Voice pipeline example

Transcribe a spoken question, get a local LLM response via Ollama, and convert it to speech:

Tip: Need a sample audio file? Download this English speech sample (WAV, MIT License) from the Azure Samples repository:

curl -L -o sample_speech.wav \
    "https://github.com/Azure-Samples/cognitive-services-speech-sdk/raw/master/sampledata/audiofiles/katiesteve.wav"

LITELLM_KEY=$(docker exec litellm litellm_manage --showkey | grep '^sk-' | head -1)

# Step 1: Transcribe audio to text (Whisper)
TEXT=$(curl -s http://localhost:9000/v1/audio/transcriptions \
    -F file=@sample_speech.wav -F model=whisper-1 | jq -r .text)

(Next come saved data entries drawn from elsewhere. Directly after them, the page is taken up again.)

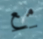
مع
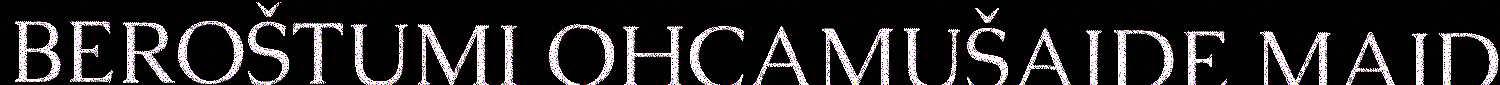
BEROŠTUMI OHCAMUŠAIDE MAID
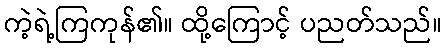
ကဲ့ရဲ့ကြကုန်၏။ ထို့ကြောင့် ပညတ်သည်။
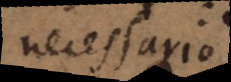
necessario
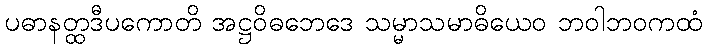
ပဓာနတ္ထဒီပကောတိ အဋ္ဌဝိဓဘေဒေ သမ္မာသမာဓိယေဝ ဘဝါဘဝကထံ
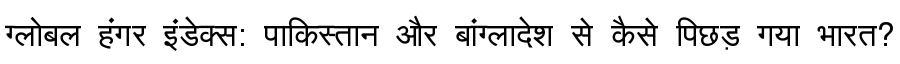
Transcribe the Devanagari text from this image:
ग्लोबल हंगर इंडेक्स: पाकिस्तान और बांग्लादेश से कैसे पिछड़ गया भारत?
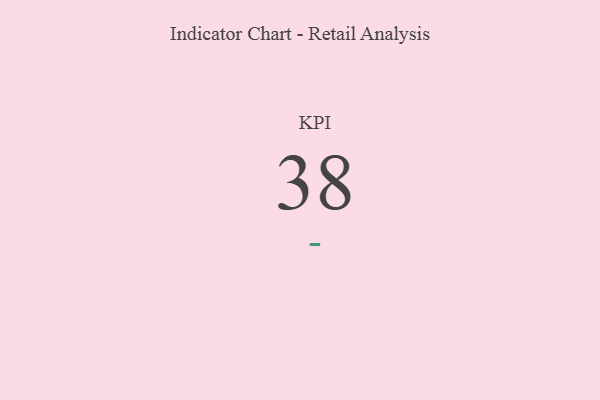
{"axis": {"x": "KPI", "y": "Value"}, "legend": [""], "data": [{"x": "KPI", "y": 38, "type": ""}]}
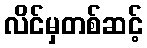
လိင်မှတစ်ဆင့်
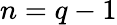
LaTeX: n=q-1

# Step 2: Send text to Ollama via LiteLLM and get a response
RESPONSE=$(curl -s http://localhost:4000/v1/chat/completions \
    -H "Authorization: Bearer $LITELLM_KEY" \
    -H "Content-Type: application/json" \
    -d "{\"model\":\"ollama/llama3.2:3b\",\"messages\":[{\"role\":\"user\",\"content\":\"$TEXT\"}]}" \
    | jq -r '.choices[0].message.content')

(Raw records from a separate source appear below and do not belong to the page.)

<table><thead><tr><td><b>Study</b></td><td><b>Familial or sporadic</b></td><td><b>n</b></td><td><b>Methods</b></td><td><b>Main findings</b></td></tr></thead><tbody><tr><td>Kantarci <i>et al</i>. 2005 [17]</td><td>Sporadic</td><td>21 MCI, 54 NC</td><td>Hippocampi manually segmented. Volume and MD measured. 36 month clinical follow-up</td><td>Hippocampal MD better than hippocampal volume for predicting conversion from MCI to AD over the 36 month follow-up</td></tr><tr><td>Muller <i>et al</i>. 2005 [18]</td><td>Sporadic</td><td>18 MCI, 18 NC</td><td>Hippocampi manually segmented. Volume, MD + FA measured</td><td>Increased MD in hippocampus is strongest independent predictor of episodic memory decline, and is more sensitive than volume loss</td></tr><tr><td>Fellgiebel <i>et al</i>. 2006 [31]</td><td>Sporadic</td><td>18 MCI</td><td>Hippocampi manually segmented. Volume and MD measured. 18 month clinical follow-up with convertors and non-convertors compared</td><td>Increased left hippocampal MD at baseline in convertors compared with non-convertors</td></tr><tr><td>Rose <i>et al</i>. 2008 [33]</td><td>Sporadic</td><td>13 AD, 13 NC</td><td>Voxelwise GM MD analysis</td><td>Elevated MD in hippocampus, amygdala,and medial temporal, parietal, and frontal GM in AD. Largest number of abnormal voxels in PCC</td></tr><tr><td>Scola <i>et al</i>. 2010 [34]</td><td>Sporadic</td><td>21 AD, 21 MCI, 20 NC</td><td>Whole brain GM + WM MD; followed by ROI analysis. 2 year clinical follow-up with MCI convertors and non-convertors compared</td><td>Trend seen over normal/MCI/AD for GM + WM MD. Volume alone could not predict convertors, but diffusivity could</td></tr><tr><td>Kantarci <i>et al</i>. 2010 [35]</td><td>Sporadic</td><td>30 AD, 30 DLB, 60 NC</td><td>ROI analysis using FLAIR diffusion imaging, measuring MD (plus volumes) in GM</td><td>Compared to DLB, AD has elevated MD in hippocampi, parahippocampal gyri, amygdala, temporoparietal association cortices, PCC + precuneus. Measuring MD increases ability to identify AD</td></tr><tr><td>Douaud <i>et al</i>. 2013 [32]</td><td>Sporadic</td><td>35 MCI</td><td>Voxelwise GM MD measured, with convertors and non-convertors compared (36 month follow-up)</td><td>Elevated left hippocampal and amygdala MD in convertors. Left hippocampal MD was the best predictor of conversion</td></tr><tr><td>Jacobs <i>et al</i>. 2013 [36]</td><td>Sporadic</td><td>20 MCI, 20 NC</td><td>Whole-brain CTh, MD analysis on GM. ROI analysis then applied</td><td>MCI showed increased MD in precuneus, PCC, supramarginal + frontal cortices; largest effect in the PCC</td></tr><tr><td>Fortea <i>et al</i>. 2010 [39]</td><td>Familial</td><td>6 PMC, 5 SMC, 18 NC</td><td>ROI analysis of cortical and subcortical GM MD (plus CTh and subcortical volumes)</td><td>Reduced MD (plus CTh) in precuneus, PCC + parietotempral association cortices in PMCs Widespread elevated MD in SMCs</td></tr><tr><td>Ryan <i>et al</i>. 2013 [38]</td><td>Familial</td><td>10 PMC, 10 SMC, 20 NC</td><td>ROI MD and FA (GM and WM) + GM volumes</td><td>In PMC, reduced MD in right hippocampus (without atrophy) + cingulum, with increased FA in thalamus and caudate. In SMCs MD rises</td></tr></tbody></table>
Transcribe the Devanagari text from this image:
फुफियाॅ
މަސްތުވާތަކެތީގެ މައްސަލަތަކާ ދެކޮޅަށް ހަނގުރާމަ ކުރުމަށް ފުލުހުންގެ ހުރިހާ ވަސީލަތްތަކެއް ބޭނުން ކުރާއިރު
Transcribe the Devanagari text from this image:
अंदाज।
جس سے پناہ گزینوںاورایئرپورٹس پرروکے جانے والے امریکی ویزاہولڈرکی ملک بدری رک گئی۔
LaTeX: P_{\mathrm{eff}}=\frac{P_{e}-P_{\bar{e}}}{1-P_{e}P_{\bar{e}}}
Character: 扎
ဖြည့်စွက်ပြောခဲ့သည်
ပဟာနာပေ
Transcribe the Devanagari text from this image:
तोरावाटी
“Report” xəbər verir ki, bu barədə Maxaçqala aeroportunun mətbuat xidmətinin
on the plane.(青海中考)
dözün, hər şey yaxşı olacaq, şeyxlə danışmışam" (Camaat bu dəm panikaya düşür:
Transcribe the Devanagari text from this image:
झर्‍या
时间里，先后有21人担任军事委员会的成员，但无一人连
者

# Step 3: Convert the response to speech (Kokoro TTS)
curl -s http://localhost:8880/v1/audio/speech \
    -H "Content-Type: application/json" \
    -d "{\"model\":\"tts-1\",\"input\":\"$RESPONSE\",\"voice\":\"af_heart\"}" \
    --output response.mp3

RAG pipeline example

Embed documents for semantic search, retrieve context, then answer questions with a local Ollama model:

LITELLM_KEY=$(docker exec litellm litellm_manage --showkey | grep '^sk-' | head -1)

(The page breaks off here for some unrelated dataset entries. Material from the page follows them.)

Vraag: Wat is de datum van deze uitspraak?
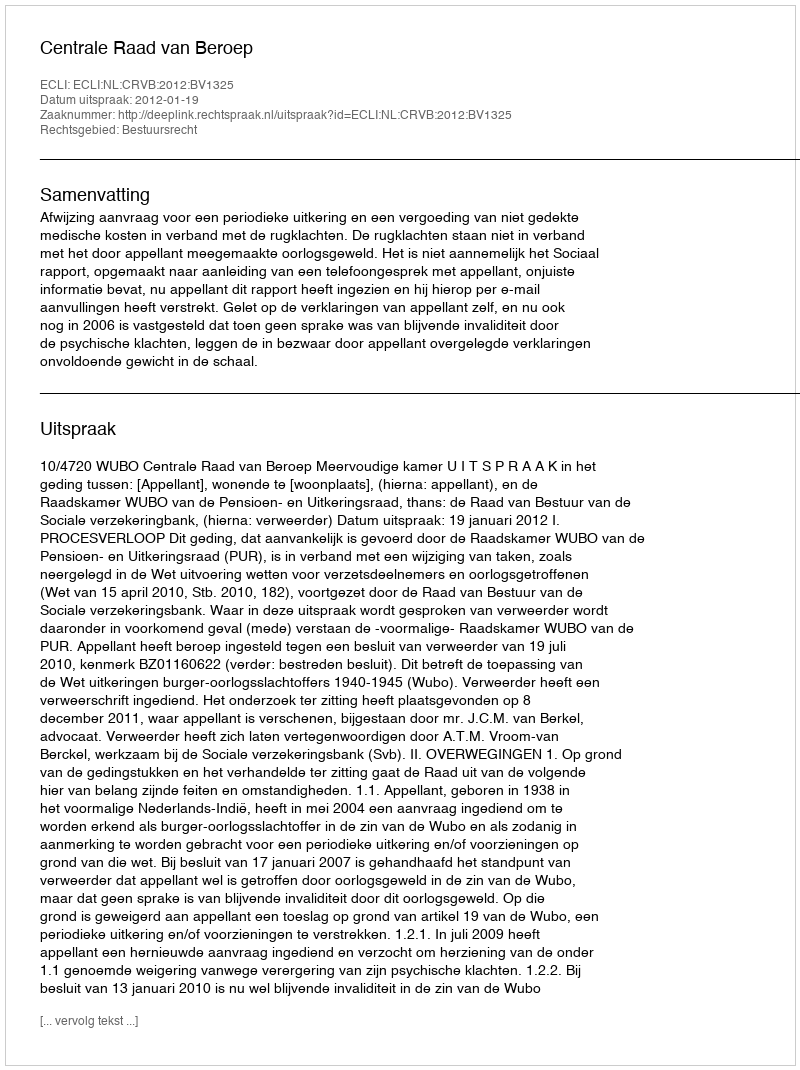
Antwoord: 2012-01-19
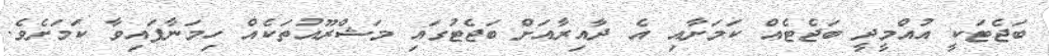
ބަޖެޓަކީ އުއްމީދީ ބަޖެޓެއް ކަމަށާއި އެ ދާއިރާއަށް ބަޖެޓުގައި މަޝްރޫއުތަކެއް ހިމަނާފައިވާ ކަަމަށެވެ.
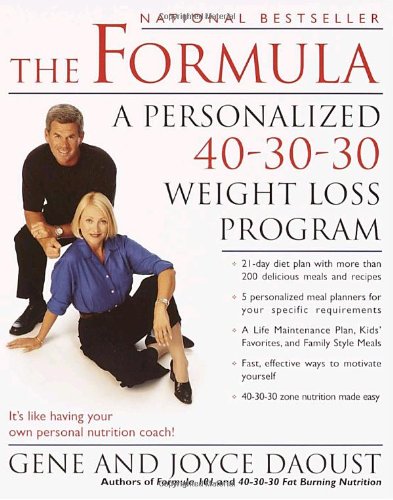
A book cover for The Formula: A Personalized 40-30-30 Weight Loss Program; Gene Daoust; Humor & Entertainment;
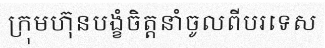
ក្រុមហ៊ុនបង្ខំចិត្តនាំចូលពីបរទេស

# Step 1: Embed a document chunk and store the vector in your vector DB
curl -s http://localhost:8000/v1/embeddings \
    -H "Content-Type: application/json" \
    -d '{"input": "Docker simplifies deployment by packaging apps in containers.", "model": "text-embedding-ada-002"}' \
    | jq '.data[0].embedding'
# → Store the returned vector alongside the source text in Qdrant, Chroma, pgvector, etc.

# Step 2: At query time, embed the question, retrieve the top matching chunks from
#          the vector DB, then send the question and retrieved context to Ollama via LiteLLM.
curl -s http://localhost:4000/v1/chat/completions \
    -H "Authorization: Bearer $LITELLM_KEY" \
    -H "Content-Type: application/json" \
    -d '{
      "model": "ollama/llama3.2:3b",
      "messages": [
        {"role": "system", "content": "Answer using only the provided context."},
        {"role": "user", "content": "What does Docker do?\n\nContext: Docker simplifies deployment by packaging apps in containers."}
      ]
    }' \
    | jq -r '.choices[0].message.content'

MCP tools example

Use MCP Gateway to give your AI assistant access to files, web, and GitHub:

MCP_KEY=$(docker exec mcp mcp_manage --showkey | grep '^mcp-' | head -1)

# Use MCP endpoint with an AI client (e.g., Cline in VS Code)
# Set the MCP server URL: http://localhost:3000/mcp
# Set Authorization header: Bearer <api_key>

# Or test the MCP endpoint directly with an initialize request
curl -s http://localhost:3000/mcp \
    -X POST \
    -H "Authorization: Bearer $MCP_KEY" \
    -H "Content-Type: application/json" \
    -H "Accept: application/json, text/event-stream" \
    -d '{"jsonrpc":"2.0","id":1,"method":"initialize","params":{"protocolVersion":"2025-03-26","capabilities":{},"clientInfo":{"name":"test","version":"1.0"}}}'

Customization

Each service can be configured with an optional env file. Copy the example env file from the respective repository, edit it, and uncomment the volume mount in docker-compose.yml:

Service	Env file	Repository
Ollama	`ollama.env`	docker-ollama
LiteLLM	`litellm.env`	docker-litellm
Embeddings	`embed.env`	docker-embeddings
Whisper	`whisper.env`	docker-whisper
Kokoro	`kokoro.env`	docker-kokoro
MCP Gateway	`mcp.env`	docker-mcp-gateway

For detailed configuration options, API reference, and model management, see the documentation in each service's repository.

Update images

To update all services to the latest versions:

docker compose pull
docker compose up -d

Your data is preserved in the Docker volumes.

License

This project is an independent Docker configuration and is not affiliated with, endorsed by, or sponsored by Ollama, Berri AI (LiteLLM), Hugging Face, hexgrad (Kokoro), OpenAI, SYSTRAN, or MCPHub.